TASK REQUIREMENTS: Give back the data exactly, with no images.

PROVIDED DATA:
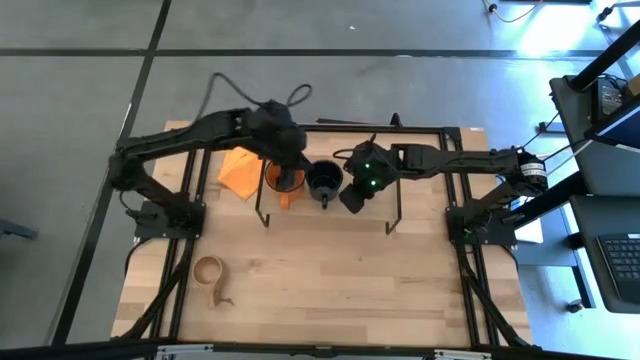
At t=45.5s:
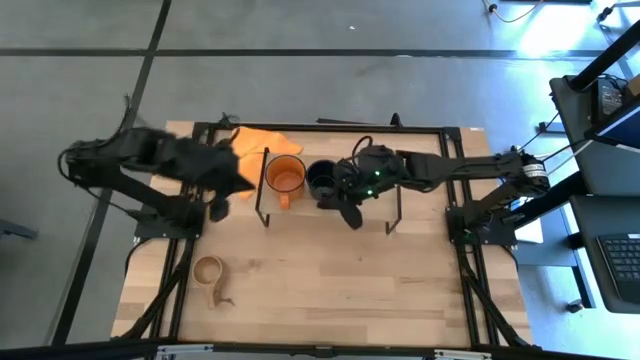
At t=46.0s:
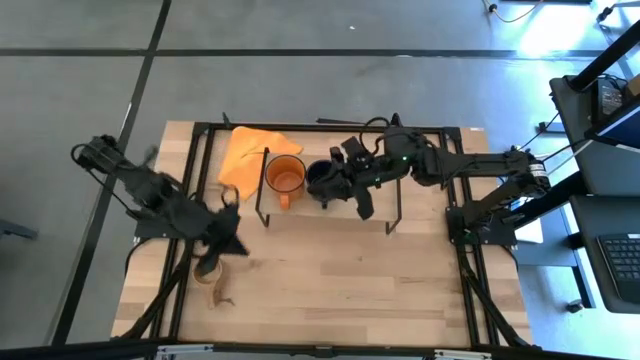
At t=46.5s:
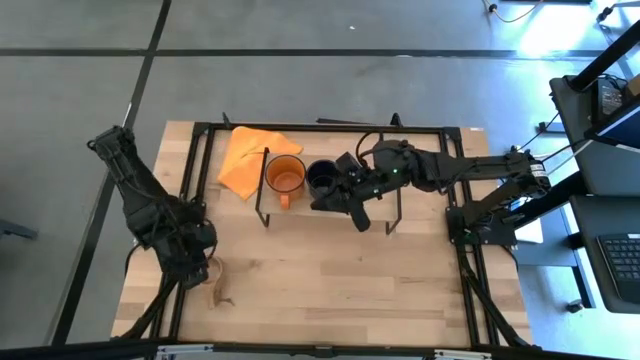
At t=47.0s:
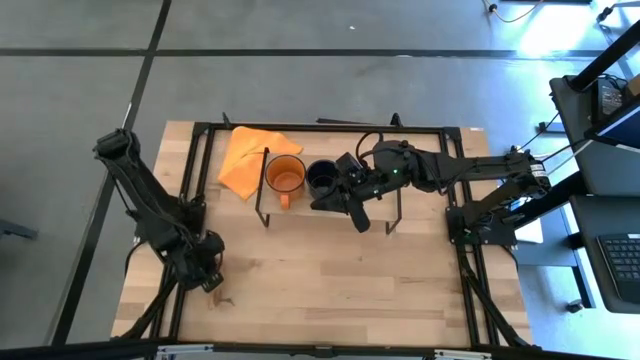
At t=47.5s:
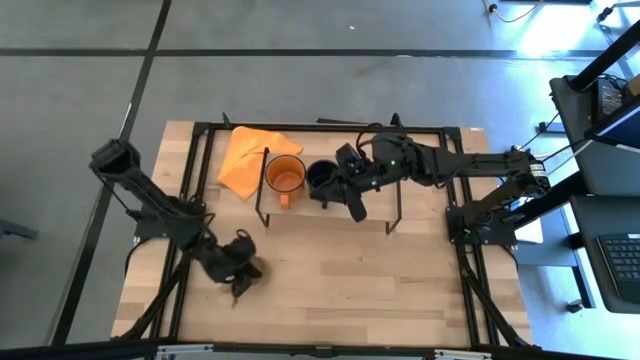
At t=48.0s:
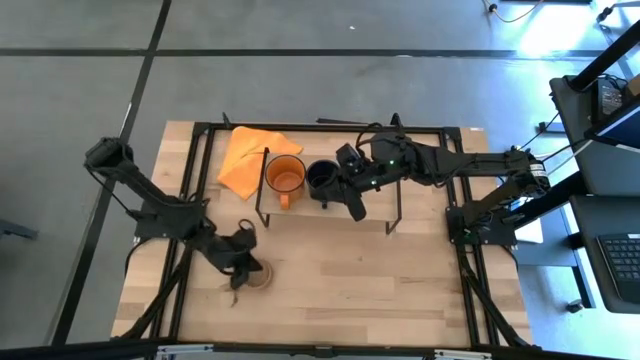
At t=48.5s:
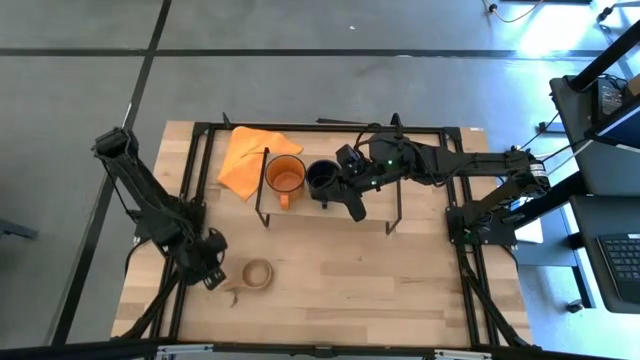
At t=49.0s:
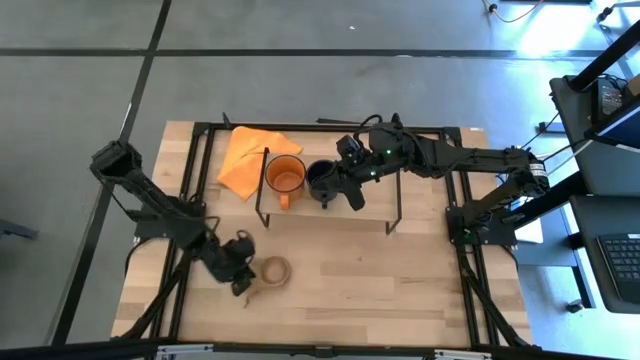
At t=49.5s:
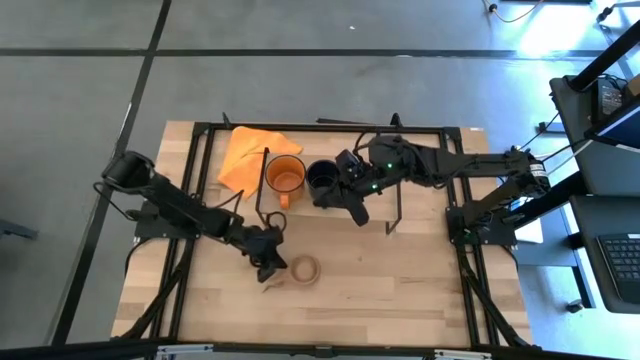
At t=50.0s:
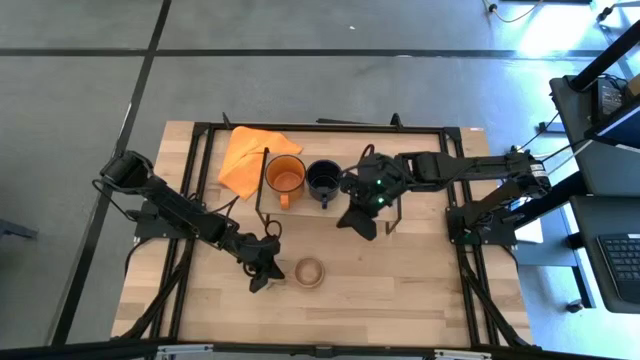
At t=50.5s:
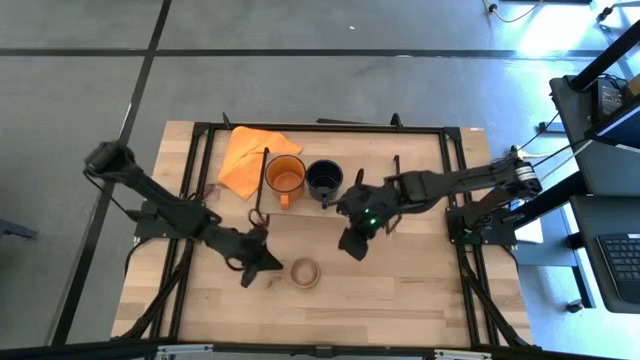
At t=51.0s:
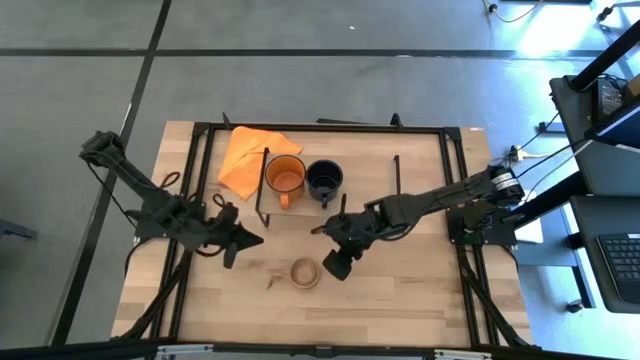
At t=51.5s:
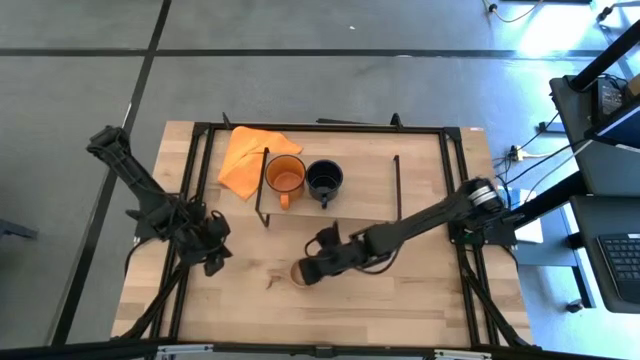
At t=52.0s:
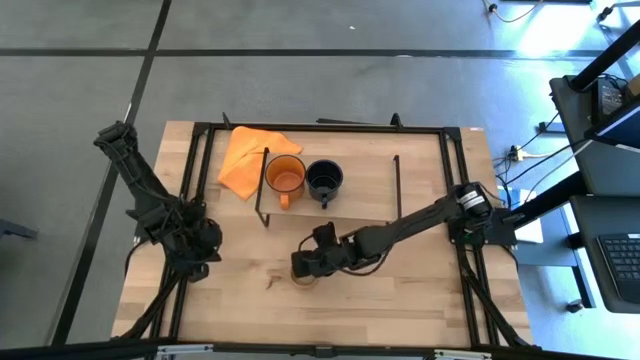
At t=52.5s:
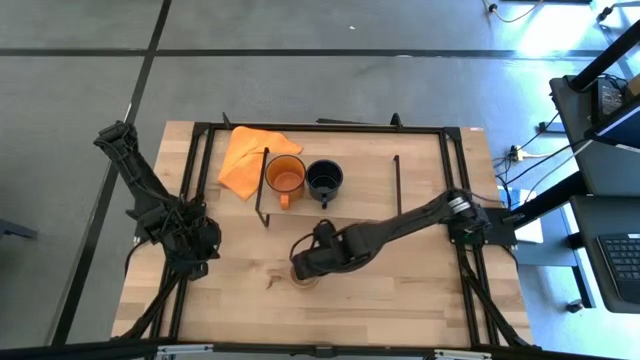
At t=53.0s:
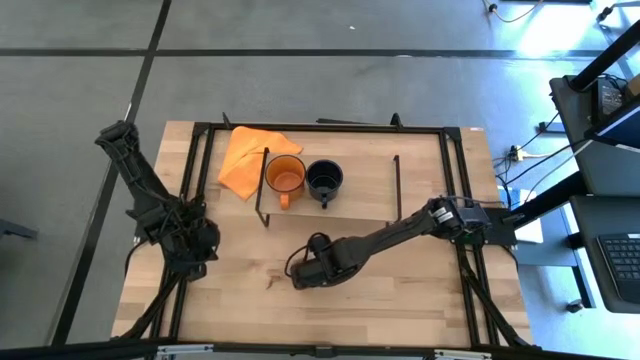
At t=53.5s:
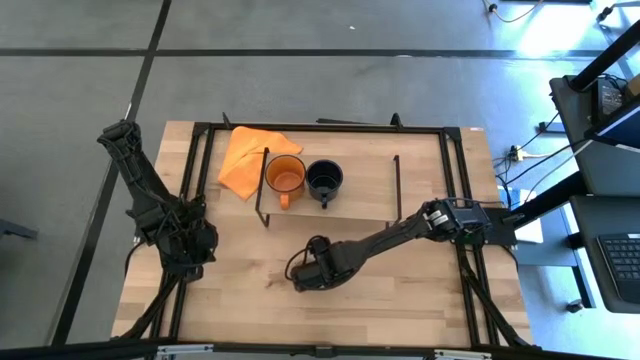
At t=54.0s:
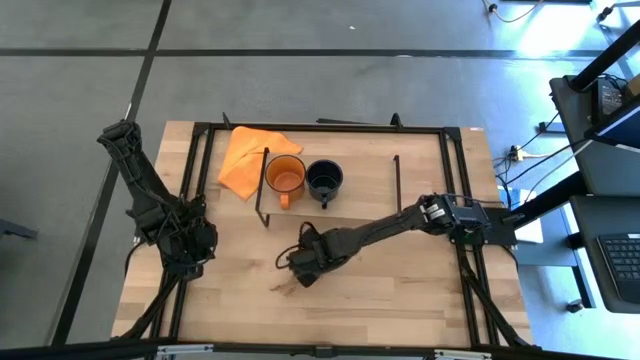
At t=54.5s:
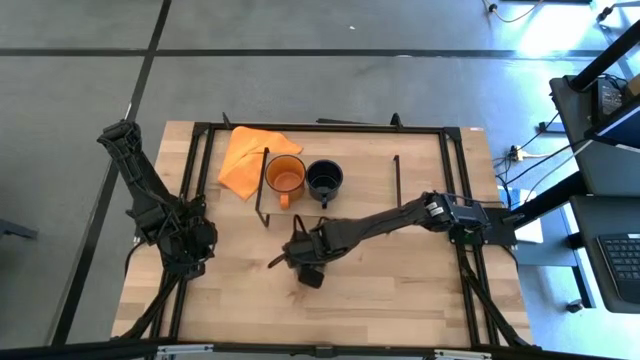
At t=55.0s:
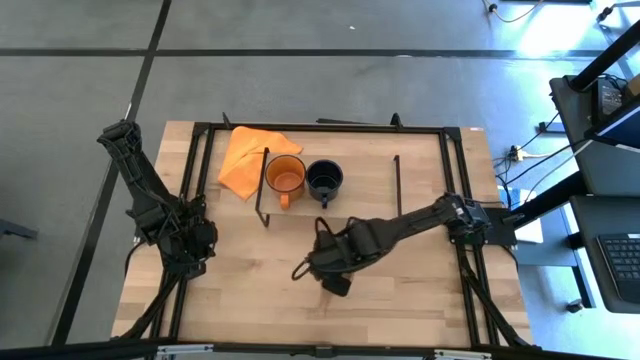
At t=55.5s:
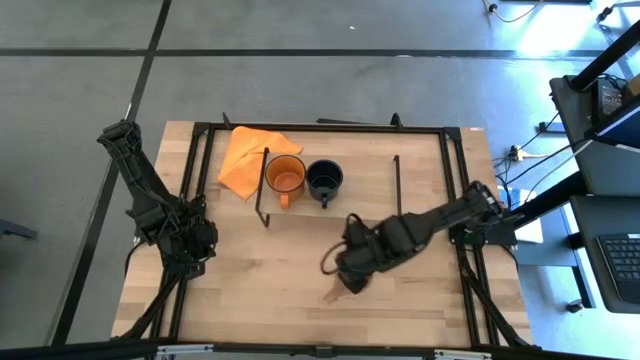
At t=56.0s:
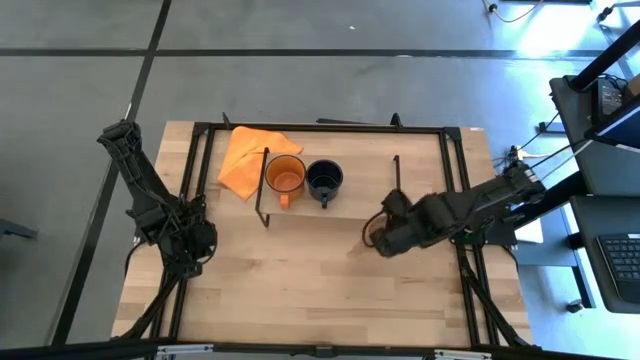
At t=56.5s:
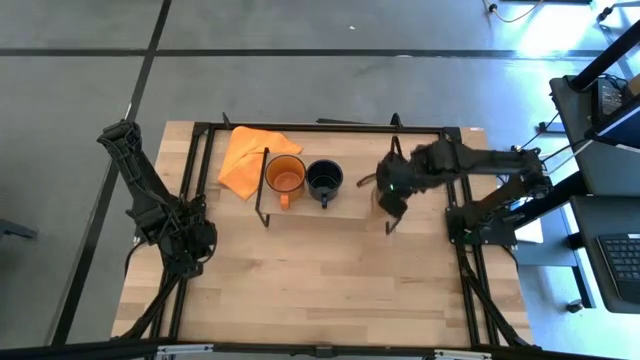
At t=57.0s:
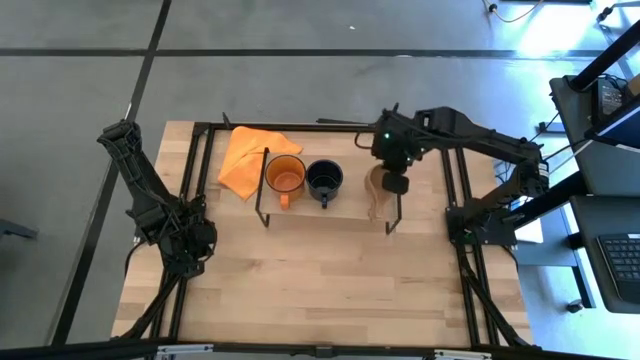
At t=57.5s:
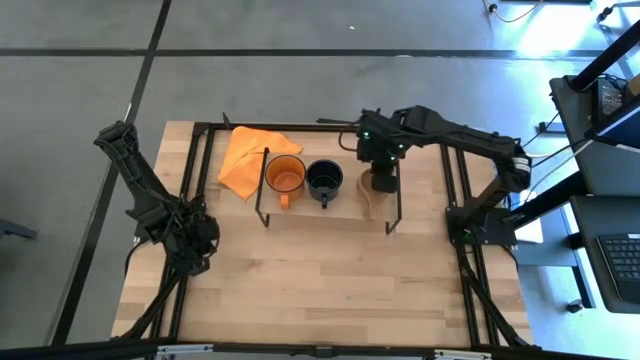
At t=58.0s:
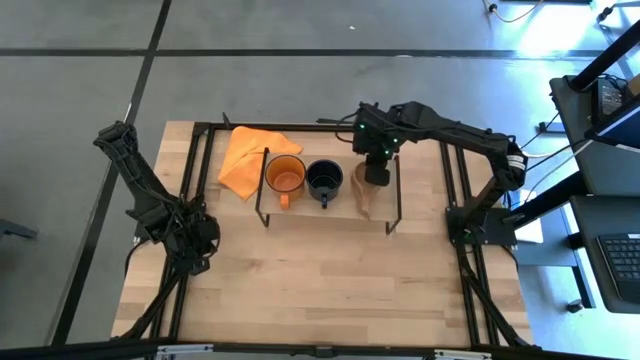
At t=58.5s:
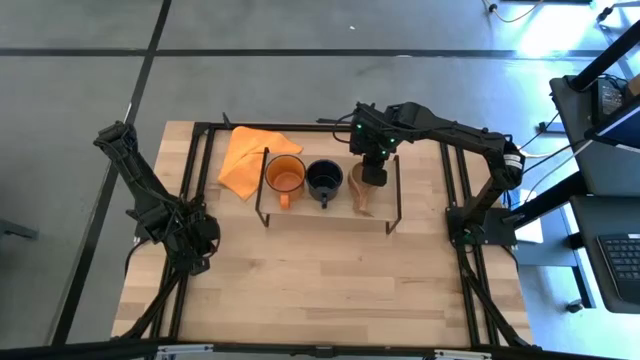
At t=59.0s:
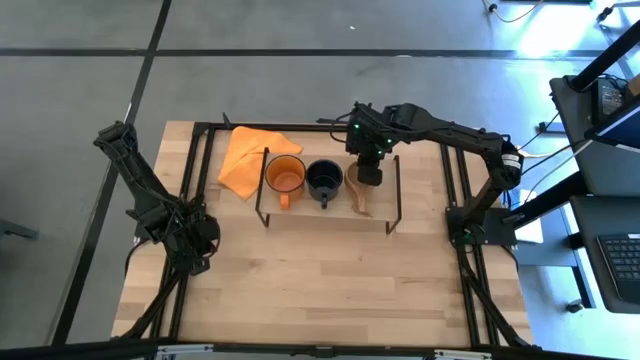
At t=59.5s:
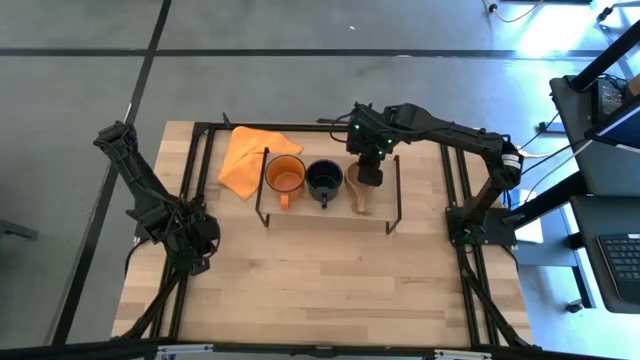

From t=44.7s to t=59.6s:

ANSWER TO THIS TASK:
At t=45.5s:
At t=46.0s:
At t=46.5s:
At t=47.0s:
At t=47.5s:
At t=48.0s:
At t=48.5s:
At t=49.0s:
At t=49.5s:
At t=50.0s:
At t=50.5s:
At t=51.0s:
At t=51.5s:
At t=52.0s:
At t=52.5s:
At t=53.0s:
At t=53.5s:
At t=54.0s:
At t=54.5s:
At t=55.0s:
At t=55.5s:
At t=56.0s:
At t=56.5s:
At t=57.0s:
At t=57.5s:
At t=58.0s:
At t=58.5s:
At t=59.0s:
At t=59.5s:

From t=44.7s to t=59.6s:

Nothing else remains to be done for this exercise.